Hyeoneui Kim 1, Sergey Goryachev 1, Graciela Rosemblat 2, Allen Browne 2, Alla Keselman 2, Qing Zeng-Treitler 1
PMCID: PMC2655856  PMID: 18693870

Abstract

Accurate readability assessment of health related materials is a critical first step in producing easily understandable consumer health information resources and personal health records. Existing general readability formulas may not always be appropriate for the medical/consumer health domain. We developed a new health-specific readability pilot measure, based on the differences in semantic and syntactic features as well as text unit length. The tool was tested with 4 types of materials: consumer health texts, electronic health records, health news articles, and scientific biomedical journals. The results were compared with those produced by three commonly used general readability formulas. While the general formulas underestimated the difficulty of health records by placing them at the same grade levels as consumer health texts, our method rated health records as the most difficult type of documents. Our ratings, however, were highly correlated with general formulas ratings of consumer health, news, and journal articles (r=0.81~0.85, p<.0001).
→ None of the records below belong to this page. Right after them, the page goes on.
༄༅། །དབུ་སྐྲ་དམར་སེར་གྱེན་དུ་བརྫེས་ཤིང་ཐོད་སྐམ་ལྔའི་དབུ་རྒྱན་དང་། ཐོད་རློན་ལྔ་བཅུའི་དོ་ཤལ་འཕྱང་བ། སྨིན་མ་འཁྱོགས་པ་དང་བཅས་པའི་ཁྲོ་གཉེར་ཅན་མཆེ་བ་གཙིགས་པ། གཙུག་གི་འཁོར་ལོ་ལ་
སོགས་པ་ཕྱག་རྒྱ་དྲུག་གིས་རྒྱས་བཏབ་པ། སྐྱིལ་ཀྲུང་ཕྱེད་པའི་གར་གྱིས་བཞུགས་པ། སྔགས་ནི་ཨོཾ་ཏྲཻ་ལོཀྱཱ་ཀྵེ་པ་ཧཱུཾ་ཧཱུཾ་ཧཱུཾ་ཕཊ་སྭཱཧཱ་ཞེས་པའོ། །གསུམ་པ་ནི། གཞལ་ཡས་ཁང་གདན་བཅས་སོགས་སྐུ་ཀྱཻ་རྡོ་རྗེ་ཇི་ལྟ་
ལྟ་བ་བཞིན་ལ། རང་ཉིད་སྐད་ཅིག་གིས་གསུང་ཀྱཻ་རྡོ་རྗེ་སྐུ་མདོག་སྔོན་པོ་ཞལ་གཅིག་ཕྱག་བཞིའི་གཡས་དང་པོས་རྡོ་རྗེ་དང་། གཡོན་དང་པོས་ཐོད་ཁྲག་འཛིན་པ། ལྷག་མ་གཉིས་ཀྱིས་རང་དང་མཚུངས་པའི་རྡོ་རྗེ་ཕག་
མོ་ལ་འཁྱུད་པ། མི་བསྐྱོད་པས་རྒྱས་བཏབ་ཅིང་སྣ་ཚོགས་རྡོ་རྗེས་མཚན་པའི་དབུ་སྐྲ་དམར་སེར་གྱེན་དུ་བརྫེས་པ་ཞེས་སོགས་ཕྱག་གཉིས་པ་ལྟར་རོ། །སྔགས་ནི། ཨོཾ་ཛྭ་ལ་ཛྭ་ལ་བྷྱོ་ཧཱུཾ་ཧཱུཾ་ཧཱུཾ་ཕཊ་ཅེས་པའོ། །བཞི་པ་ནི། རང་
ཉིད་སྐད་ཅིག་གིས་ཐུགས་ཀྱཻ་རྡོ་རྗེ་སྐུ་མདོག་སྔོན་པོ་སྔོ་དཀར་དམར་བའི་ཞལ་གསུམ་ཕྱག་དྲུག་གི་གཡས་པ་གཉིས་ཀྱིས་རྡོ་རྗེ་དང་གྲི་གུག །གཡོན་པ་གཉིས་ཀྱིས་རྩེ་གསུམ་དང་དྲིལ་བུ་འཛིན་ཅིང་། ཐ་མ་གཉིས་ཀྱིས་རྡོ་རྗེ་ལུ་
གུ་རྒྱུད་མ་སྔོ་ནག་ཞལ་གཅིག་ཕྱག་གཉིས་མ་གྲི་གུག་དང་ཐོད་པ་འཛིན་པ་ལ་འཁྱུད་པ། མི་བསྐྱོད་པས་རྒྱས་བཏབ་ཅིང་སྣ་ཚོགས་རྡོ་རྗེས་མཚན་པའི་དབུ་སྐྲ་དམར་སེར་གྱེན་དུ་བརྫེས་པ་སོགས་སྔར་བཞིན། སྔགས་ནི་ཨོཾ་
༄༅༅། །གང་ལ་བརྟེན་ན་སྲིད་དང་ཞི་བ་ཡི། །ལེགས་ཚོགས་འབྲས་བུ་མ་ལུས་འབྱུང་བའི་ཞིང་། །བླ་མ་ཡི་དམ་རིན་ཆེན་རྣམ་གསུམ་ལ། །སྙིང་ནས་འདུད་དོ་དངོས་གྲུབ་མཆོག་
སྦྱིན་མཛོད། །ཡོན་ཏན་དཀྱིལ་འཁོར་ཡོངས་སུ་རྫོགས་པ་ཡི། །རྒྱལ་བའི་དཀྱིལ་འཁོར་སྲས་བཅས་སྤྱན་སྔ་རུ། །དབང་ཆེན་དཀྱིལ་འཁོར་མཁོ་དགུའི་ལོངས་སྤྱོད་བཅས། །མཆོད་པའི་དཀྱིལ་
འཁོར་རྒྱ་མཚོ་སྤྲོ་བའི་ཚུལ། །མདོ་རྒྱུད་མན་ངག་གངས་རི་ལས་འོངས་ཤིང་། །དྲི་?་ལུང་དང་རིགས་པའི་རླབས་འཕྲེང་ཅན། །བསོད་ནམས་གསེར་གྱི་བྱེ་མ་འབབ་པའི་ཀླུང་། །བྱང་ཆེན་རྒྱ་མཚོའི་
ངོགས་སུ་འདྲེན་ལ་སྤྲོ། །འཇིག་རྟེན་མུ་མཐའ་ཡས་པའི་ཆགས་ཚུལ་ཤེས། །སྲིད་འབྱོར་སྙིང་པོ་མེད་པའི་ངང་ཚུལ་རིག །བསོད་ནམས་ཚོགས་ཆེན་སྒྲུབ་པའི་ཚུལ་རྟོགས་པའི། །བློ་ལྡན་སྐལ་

Keywords: readability, consumer health informatics

Introduction

Readability of a text refers to the ease with which it can be read, and is usually expressed as a grade level.[1] Many government agencies have issued readability guidelines for their documents, in an attempt to ensure understanding by the general public. As consumers play an increasingly active role in managing their own health, availability of easily understandable health information resources becomes critical. Furthermore, presenting medical contents in a more understandable consumer-friendly manner has been recognized as one of the key requirements for successful implementation of personal health records (PHR).[2]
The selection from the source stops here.